# Merchant Navy War Time Service



## Douglas Paterson (May 2, 2010)

I'm looking for help as to how to track down the war time service of a relation George Innes of Macduff. He is believed to have been the skipper of two 'tramp steamers' both of which were destroyed by enemy action. Beyond that we have no info. After the war he returned to the fishing.
Could you please tell me where and how I might identify the detail. I've found lists of boats lost but they offer no details of the officers and crew.
I'd really appreciate any help anyone can give me.
Douglas


----------



## Nick Balls (Apr 5, 2008)

I'm sure you will get some good information from others on this site Douglas.
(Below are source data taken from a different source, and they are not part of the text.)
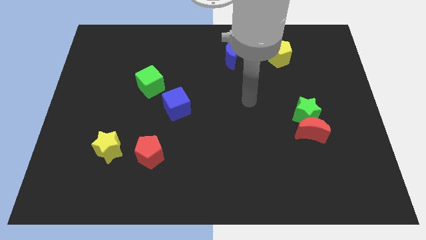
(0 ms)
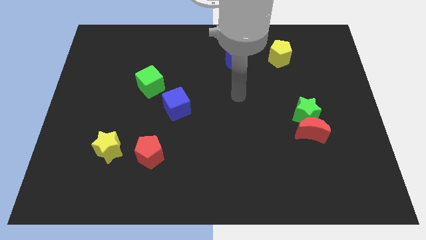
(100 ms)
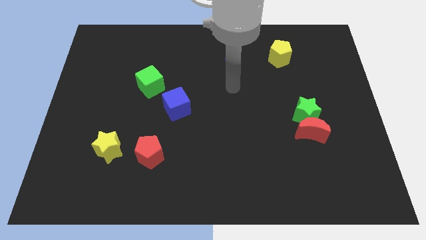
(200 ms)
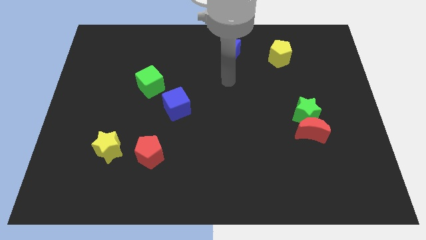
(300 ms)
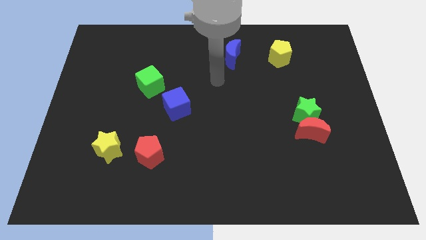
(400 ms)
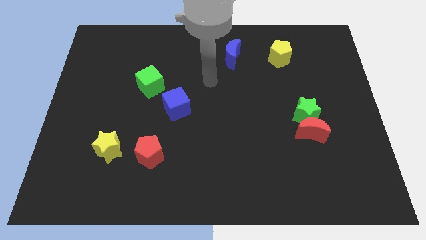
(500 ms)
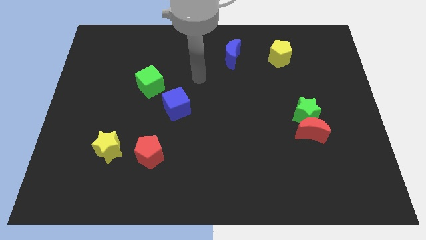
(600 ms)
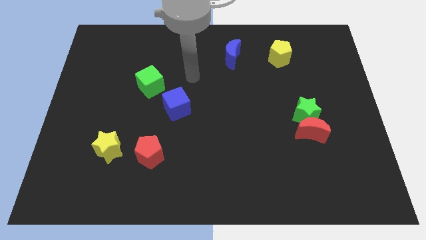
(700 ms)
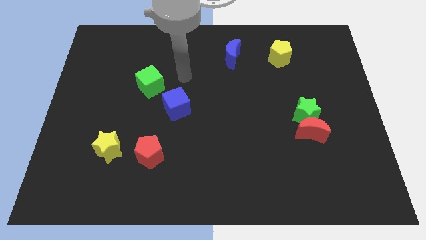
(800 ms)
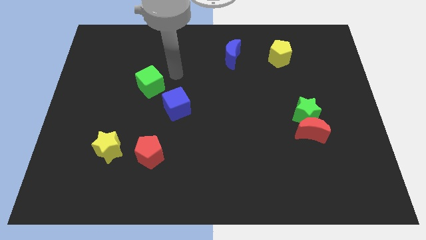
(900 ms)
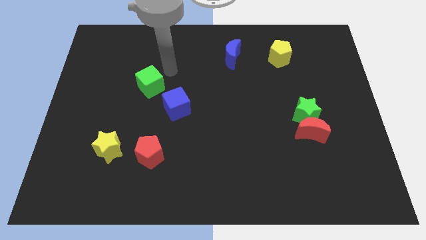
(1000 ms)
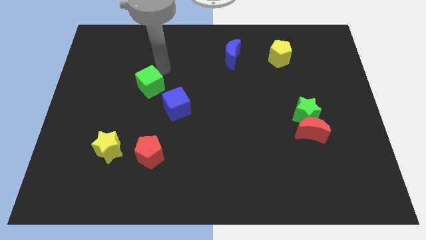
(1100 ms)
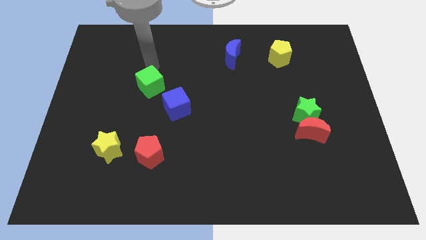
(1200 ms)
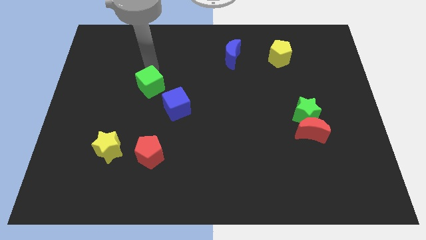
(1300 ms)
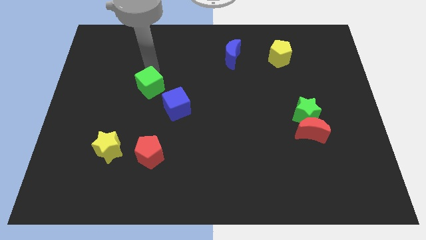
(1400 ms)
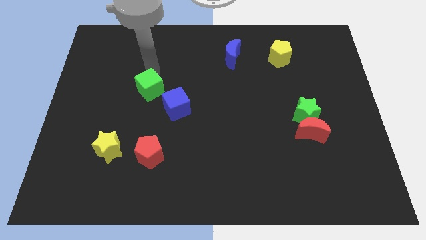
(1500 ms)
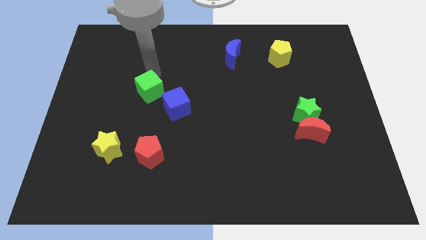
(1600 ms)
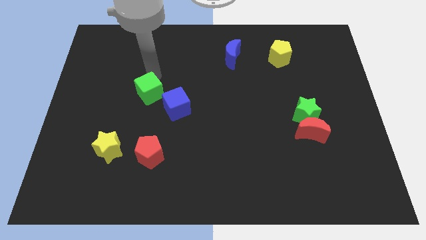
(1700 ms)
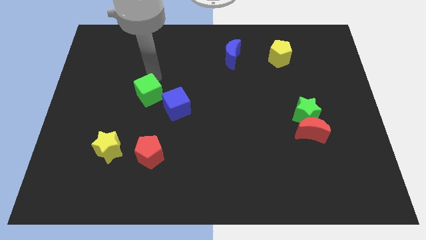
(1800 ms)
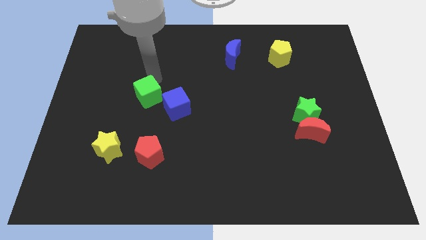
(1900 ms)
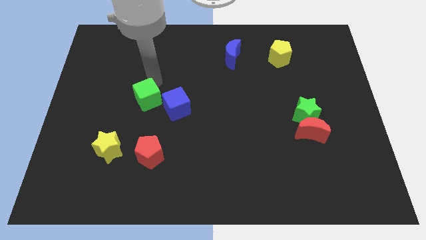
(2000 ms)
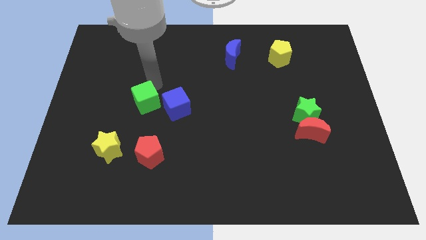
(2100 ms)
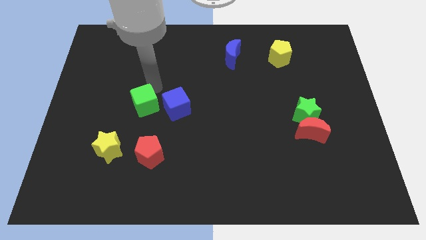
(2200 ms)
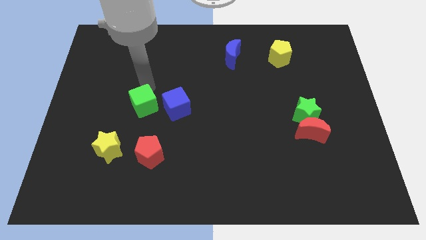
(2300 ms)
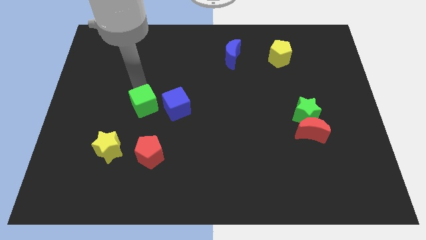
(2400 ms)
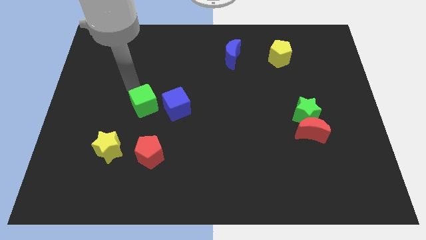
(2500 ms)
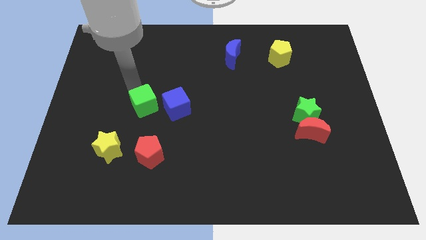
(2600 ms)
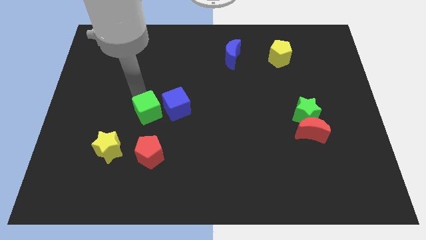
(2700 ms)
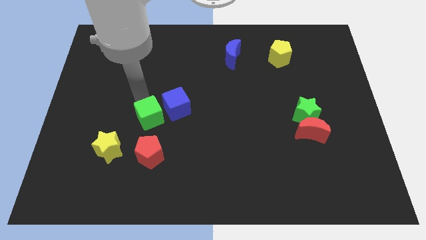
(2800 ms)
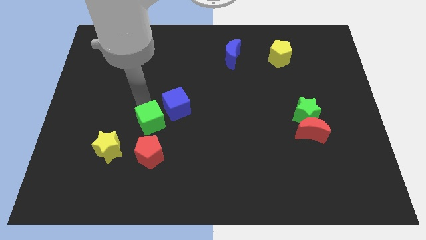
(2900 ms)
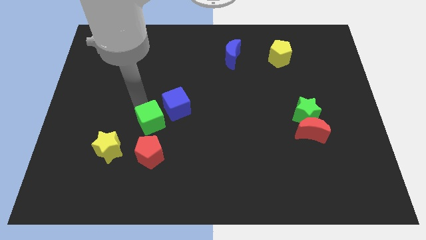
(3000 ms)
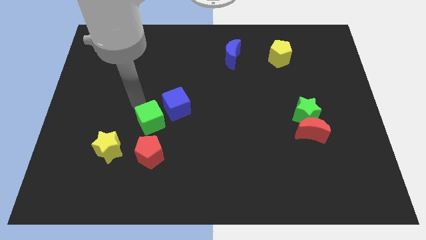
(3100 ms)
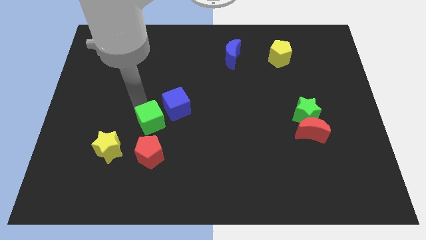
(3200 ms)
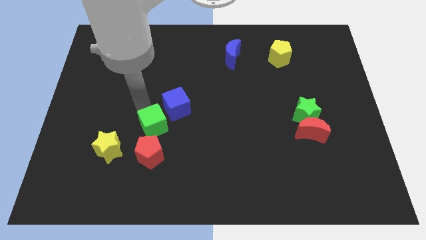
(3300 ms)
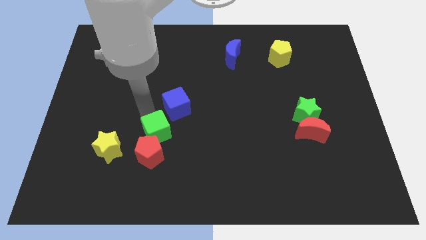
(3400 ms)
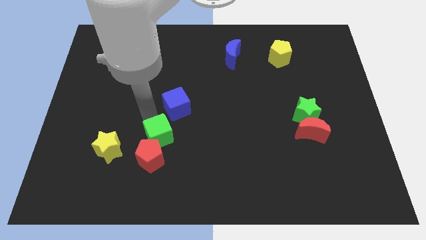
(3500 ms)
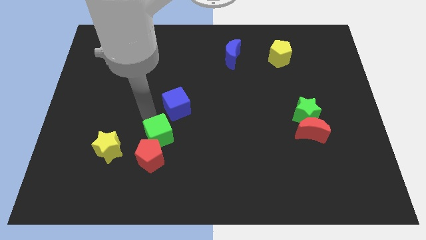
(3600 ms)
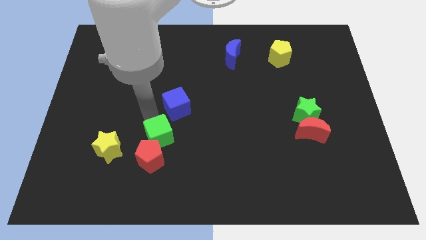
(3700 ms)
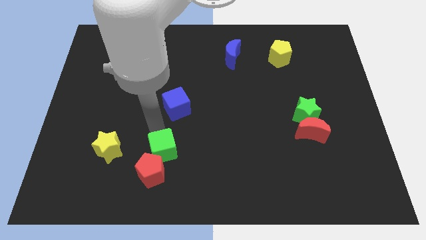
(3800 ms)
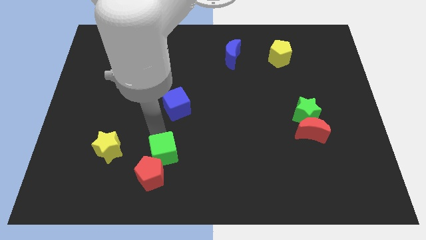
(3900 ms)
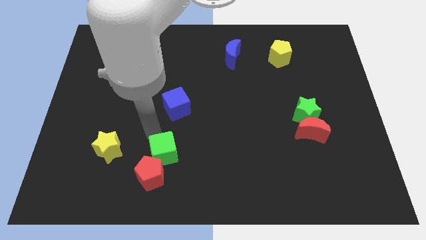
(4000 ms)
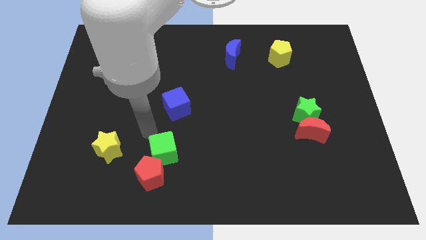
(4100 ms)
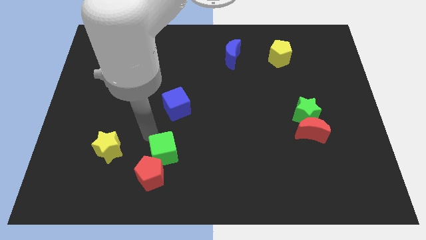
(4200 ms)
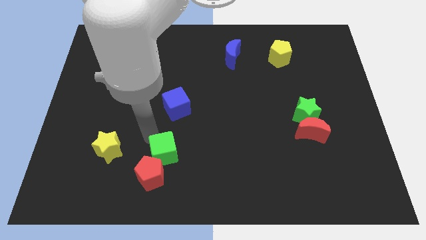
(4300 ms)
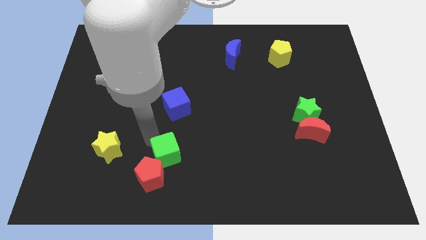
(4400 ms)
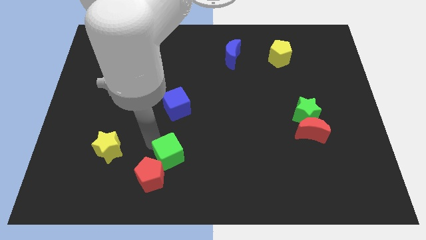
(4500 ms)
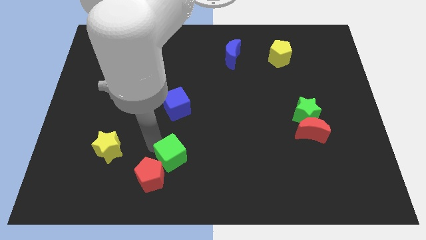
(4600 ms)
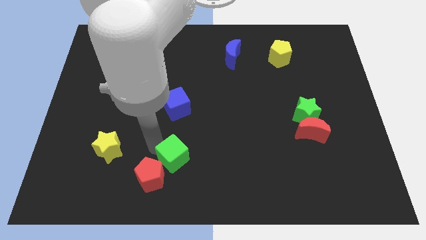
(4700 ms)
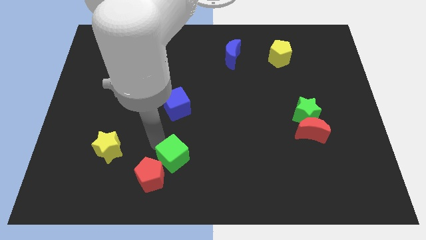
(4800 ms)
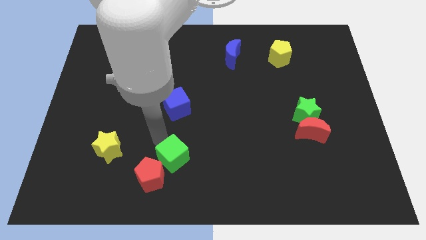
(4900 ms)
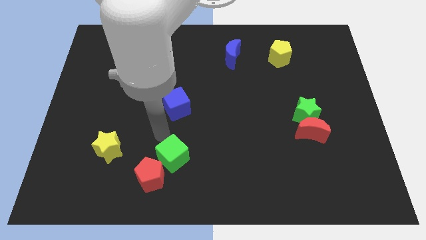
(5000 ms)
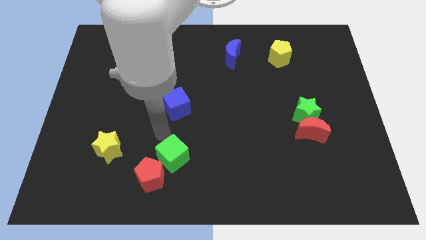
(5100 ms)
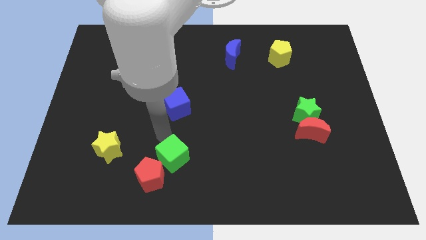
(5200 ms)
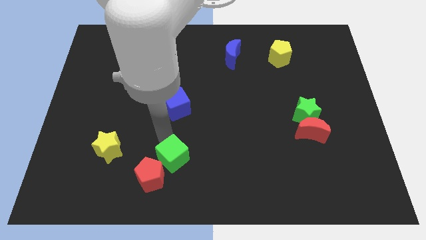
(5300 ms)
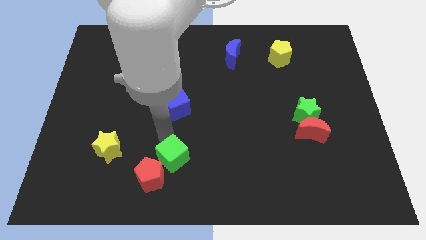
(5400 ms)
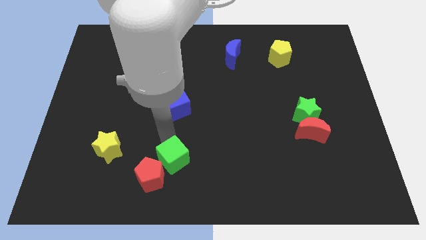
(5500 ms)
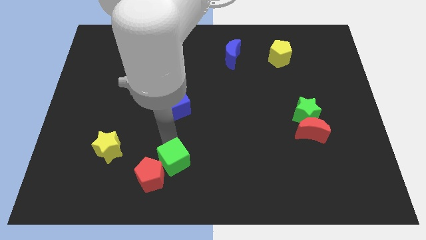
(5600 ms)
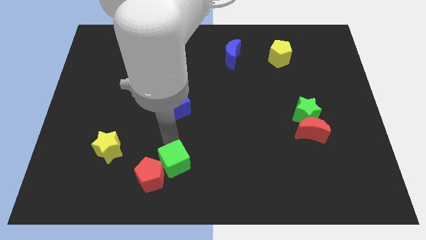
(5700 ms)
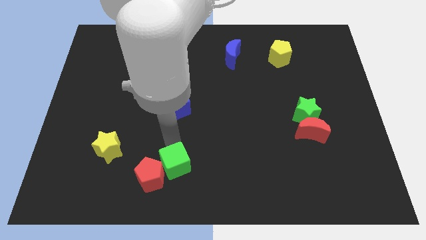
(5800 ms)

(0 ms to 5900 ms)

You may have already read the recently written book 'The Real Cruel Sea' by Richard Woodman but if not this is probably the best overall reference to the events you are trying to find out about. I did check the index but found no specific mention of George Innes. Have you talked to Peterhead maritime heritage centre ? The illustrious history of some of these folk is something else and not always well do***ented


----------



## Roger Griffiths (Feb 10, 2006)

Hello Douglas,
l would have thought that one of the mods would have moved your post to a more appropriate board. No matter.
Take a look at these leaflets from the National Archives
http://www.nationalarchives.gov.uk/catalogue/RdLeaflet.asp?sLeafletID=128

http://www.nationalarchives.gov.uk/catalogue/RdLeaflet.asp?sLeafletID=131&j=1

come back if you have any questions.

Roger


----------



## Douglas Paterson (May 2, 2010)

*Thanks*

Thanks folks. Could you point me to more appropriate boards please because this is a new area of research for me.
Douglas


----------